[Stored dataset items]
^^^^^^^^

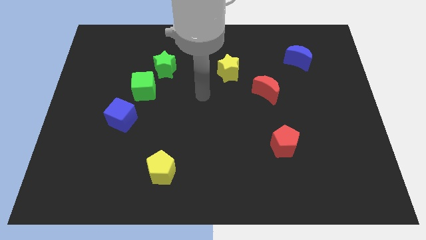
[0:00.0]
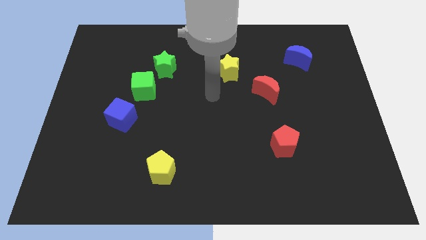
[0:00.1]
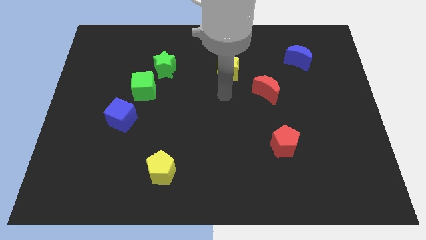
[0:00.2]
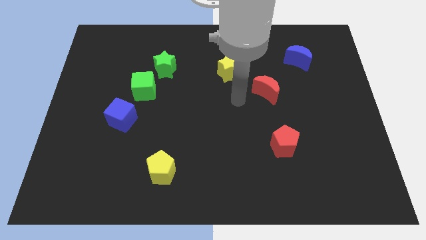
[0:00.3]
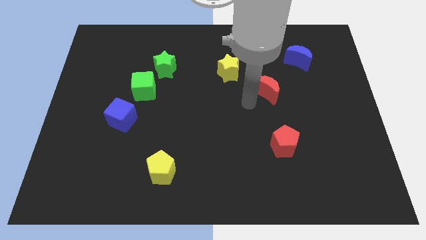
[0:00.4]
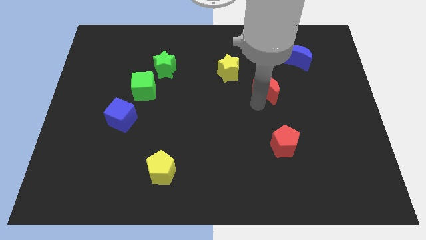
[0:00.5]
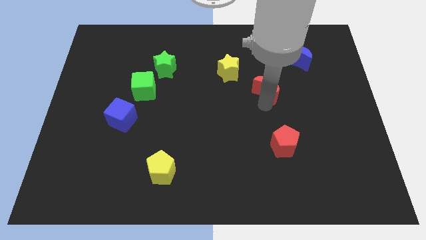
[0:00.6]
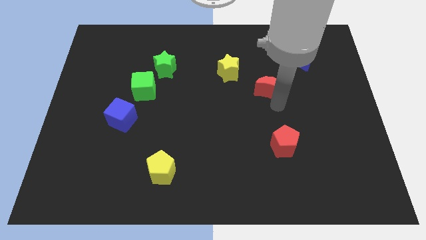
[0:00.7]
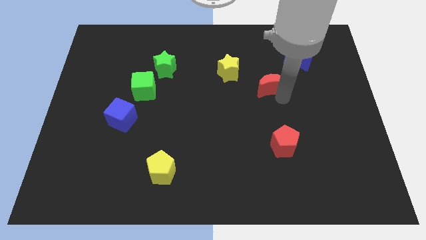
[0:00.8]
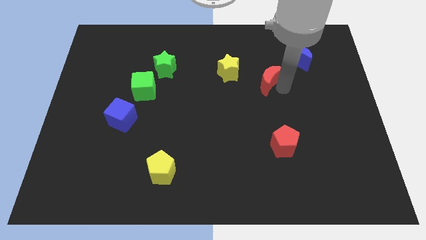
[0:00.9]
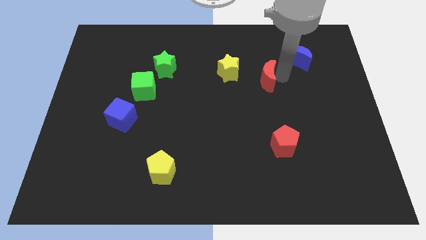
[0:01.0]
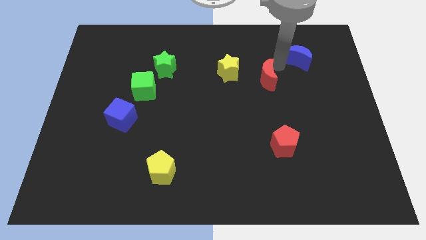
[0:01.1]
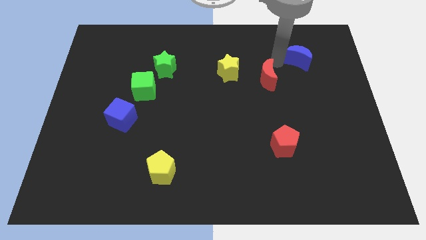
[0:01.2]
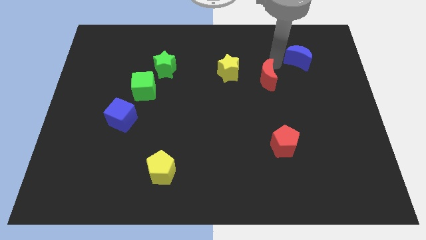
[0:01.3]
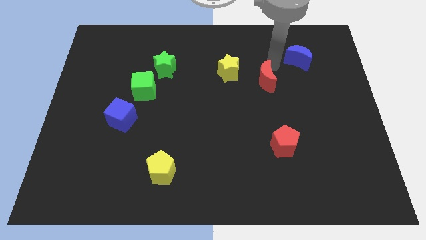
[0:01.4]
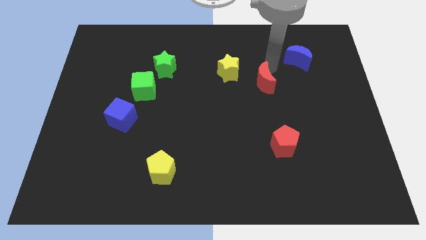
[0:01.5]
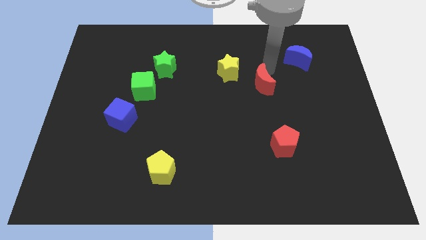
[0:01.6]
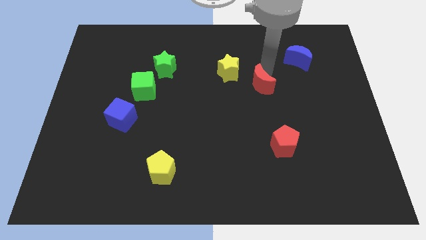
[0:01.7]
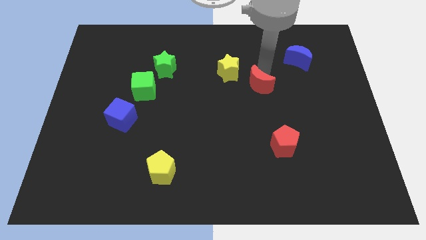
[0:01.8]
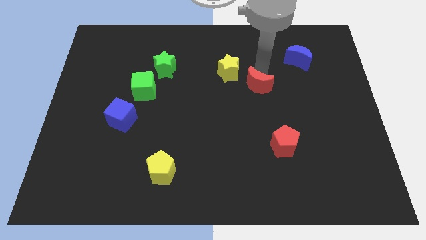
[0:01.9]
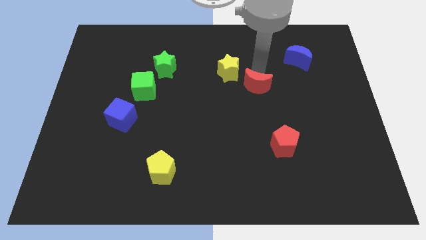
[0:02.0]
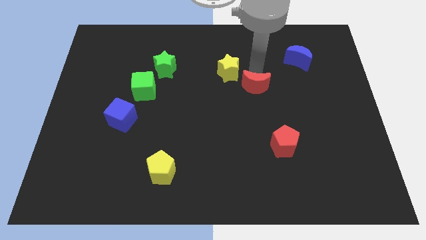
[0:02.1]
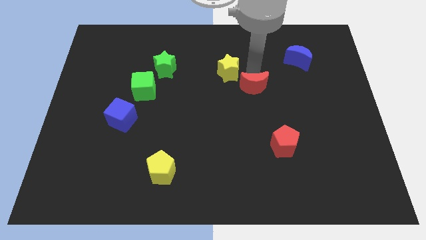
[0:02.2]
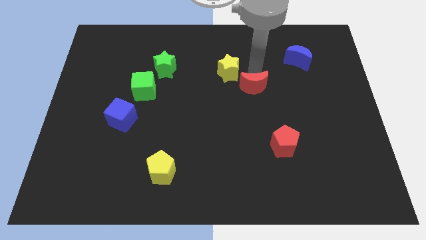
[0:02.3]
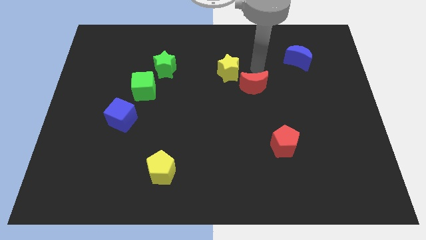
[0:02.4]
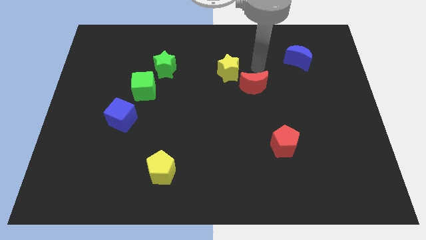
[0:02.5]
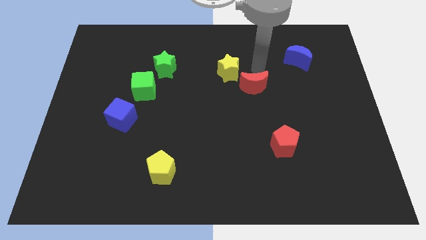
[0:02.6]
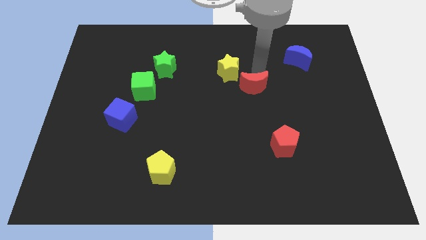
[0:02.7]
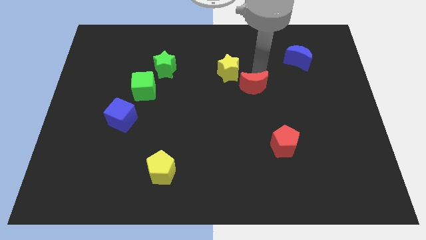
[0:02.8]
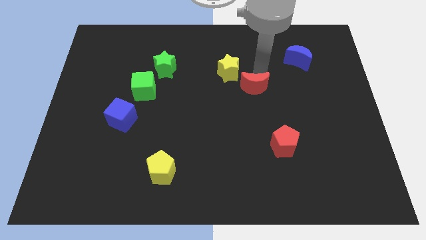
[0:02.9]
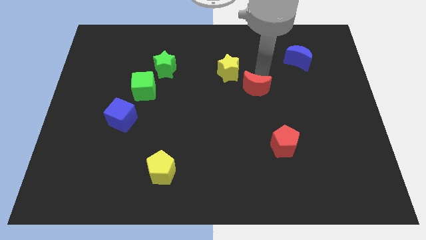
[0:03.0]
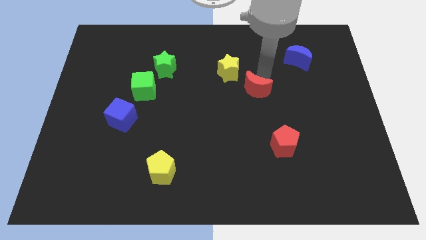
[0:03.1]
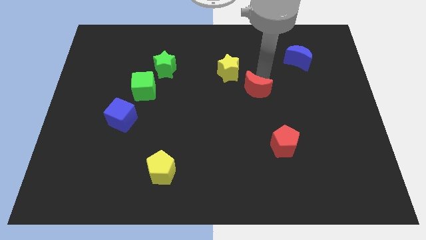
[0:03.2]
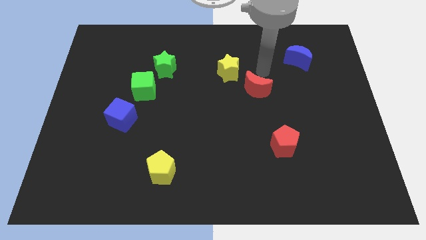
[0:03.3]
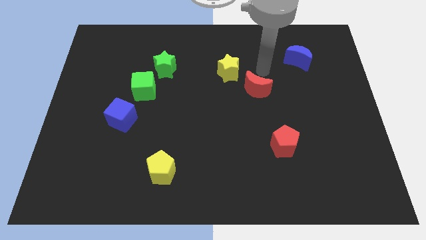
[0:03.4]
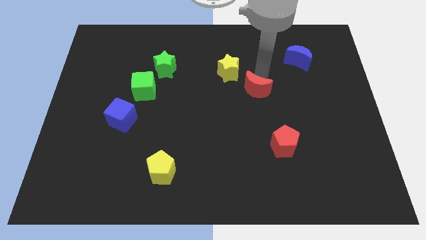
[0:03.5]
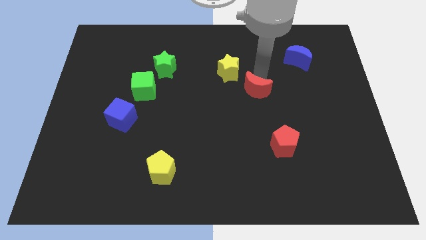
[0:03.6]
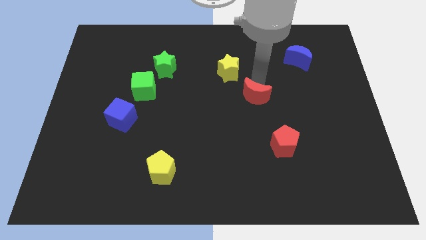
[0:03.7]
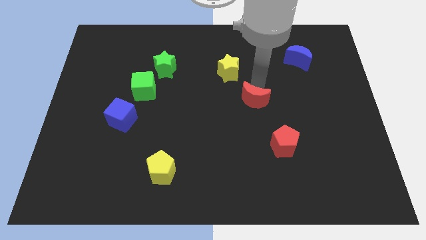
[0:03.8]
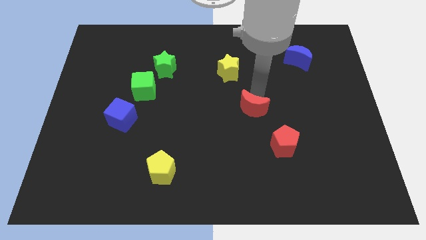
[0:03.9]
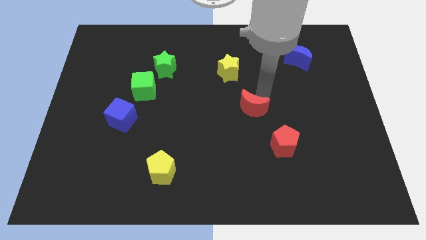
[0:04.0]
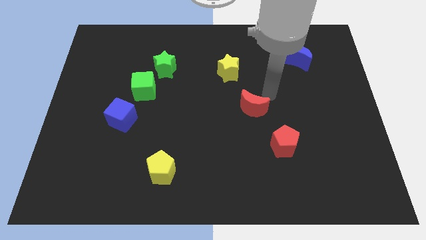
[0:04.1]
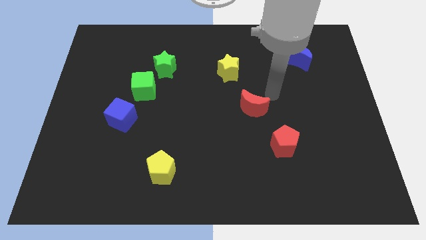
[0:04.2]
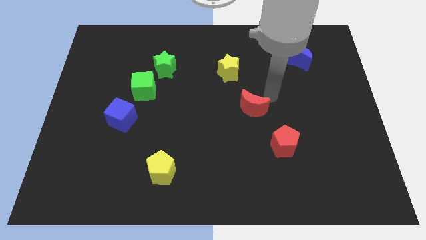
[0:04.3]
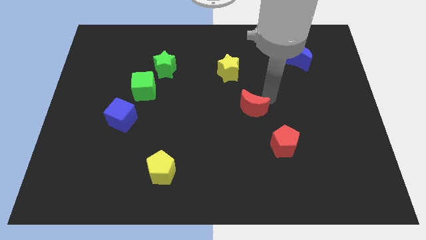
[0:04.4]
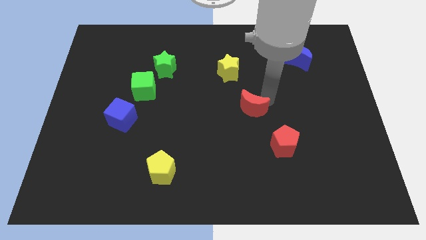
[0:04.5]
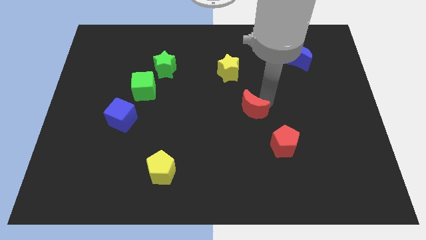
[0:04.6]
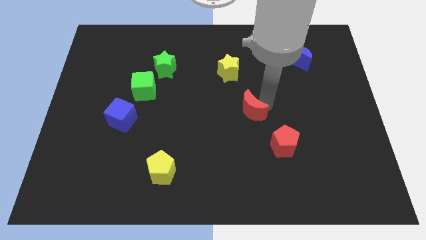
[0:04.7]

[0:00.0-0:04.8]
slightly slide the red moon diagonally down and left

^^^^^^^^

**Exercise aim**
Return all of the lines above without alteration, minus the pictures.

**Response**
[0:00.0]
[0:00.1]
[0:00.2]
[0:00.3]
[0:00.4]
[0:00.5]
[0:00.6]
[0:00.7]
[0:00.8]
[0:00.9]
[0:01.0]
[0:01.1]
[0:01.2]
[0:01.3]
[0:01.4]
[0:01.5]
[0:01.6]
[0:01.7]
[0:01.8]
[0:01.9]
[0:02.0]
[0:02.1]
[0:02.2]
[0:02.3]
[0:02.4]
[0:02.5]
[0:02.6]
[0:02.7]
[0:02.8]
[0:02.9]
[0:03.0]
[0:03.1]
[0:03.2]
[0:03.3]
[0:03.4]
[0:03.5]
[0:03.6]
[0:03.7]
[0:03.8]
[0:03.9]
[0:04.0]
[0:04.1]
[0:04.2]
[0:04.3]
[0:04.4]
[0:04.5]
[0:04.6]
[0:04.7]

[0:00.0-0:04.8]
slightly slide the red moon diagonally down and left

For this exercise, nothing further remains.